I have been trying to create a diffusion model that goes from image to text (captioning). As a first step, I thought of creating an image2image pipeline that conditions the unet with the CLIP image embedding, instead of the noisy version of the image as the latent_seed. See: ffc/05-SD-exploration.ipynb at main · fredguth/ffc · GitHub

It took me a while to notice that my understanding of embeddings was wrong. For me, an embedding was the resulting vector that represents the text or the image. But we are also calling the layer that generates that vector as the embedding in the notebook. The conditioning is done by using this last_hidden_layer as a step in the unet, right?

Also noticed that the text and image embeddings in the CLIP model have not the same dimensions, they need to be projected to be compared.

I am stuck with the following problem: unet is expecting an encoder_hidden_states with a 768 dimension, but the image_encoder hidden layer is (257,1024). How can I condition the unet using these image encoder hidden states?

1 Like

I am trying to run stable diffusion notebook on colab.
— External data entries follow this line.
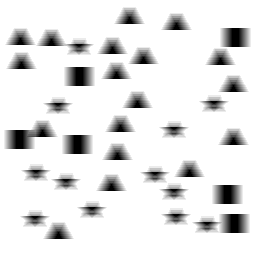
Squares: 6
Triangles: 18
Stars: 12
Total shapes: 36
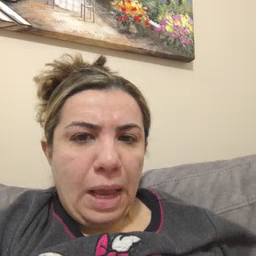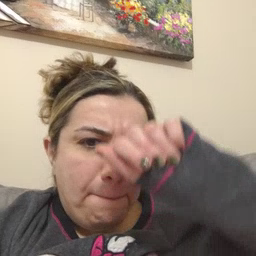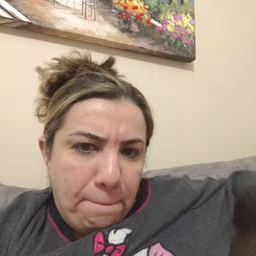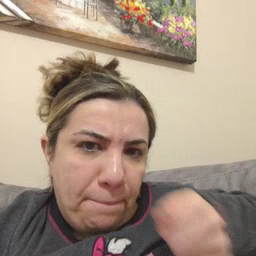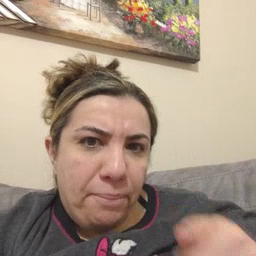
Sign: hide
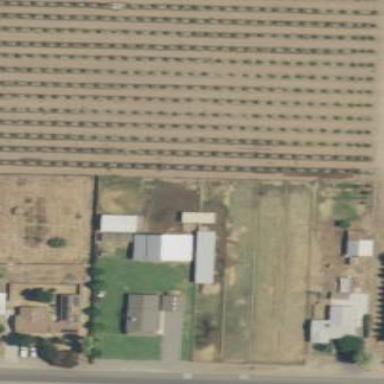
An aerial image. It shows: Orchard.
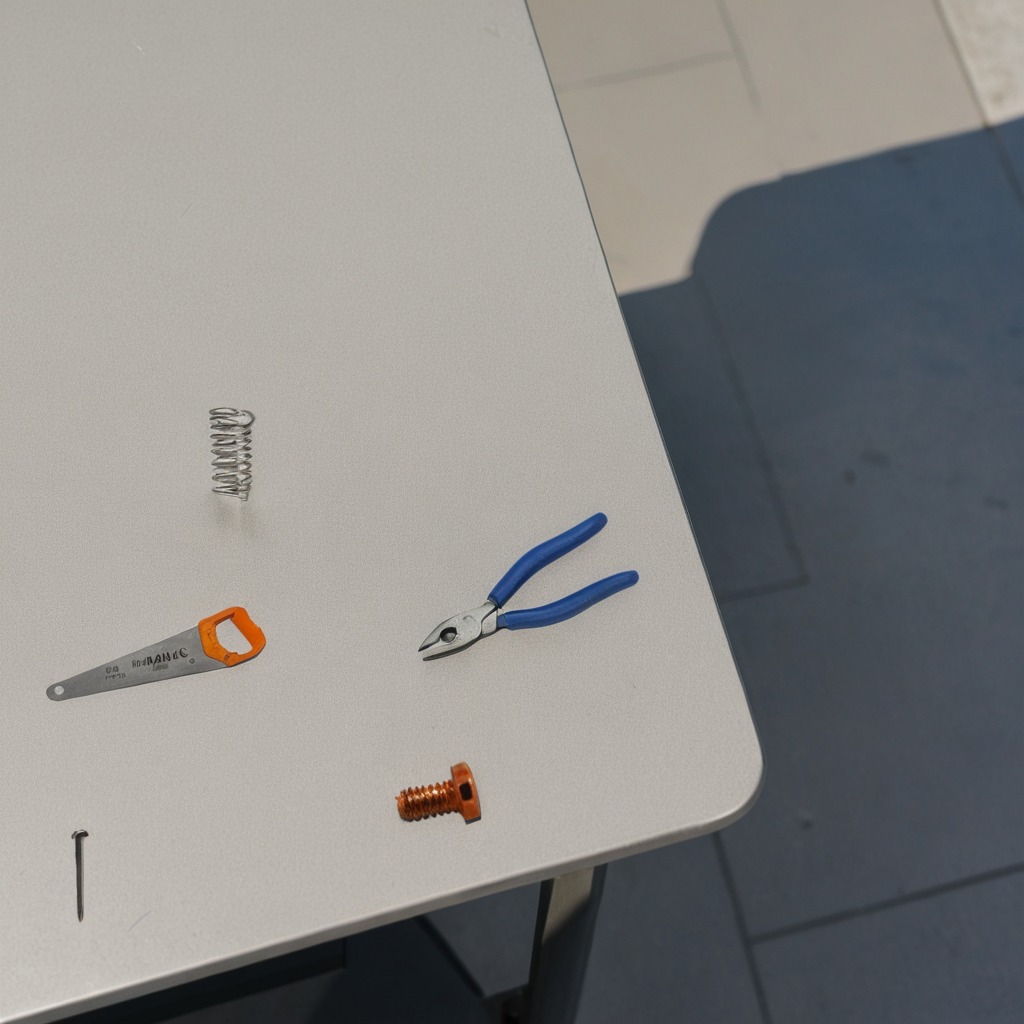
A metal machine screw, an iron nail, pliers, a coiled metal spring, and a handheld metal saw are lying on the table.

While running the notebooks I am getting error on this line as shown below:

Can anyone help here?
Do I have to buy colab pro to fix this ?

No - read the error carefully. It tells you what you need to run to fix the problem. Let us know what you find!

I ran pip install accelerate as suggested here in one cell above this but I am still getting the same error as shown below:

I think this is resolved. I had to agree to the terms and conditions of the hugging face website “CompVis/stable-diffusion-v1-4 · Hugging Faceto fix this.

Thanks a Lot

Am a bit late to the party, catching up on the lessons now!

Has anyone ever done local diffusion? i.e. Only changing a small part of the image based on the prompt. Often a change to small part of an image can change its interpretation e.g., a small part of a persons face such as their mouth or eyes can control how their feelings are interpreted.

It would be interesting to take a few pictures of someone with a neutral expression, fine-tune using textual inversion or dreambooth, and see if you can flip the person’s expression with a prompt strongly conditioned by the original image. E.g., Can we make the same person’s face look happy without changing much else in the photo. Feels like it would be an interesting experiment to understand how much these large models are able to understand the key information in the prompt.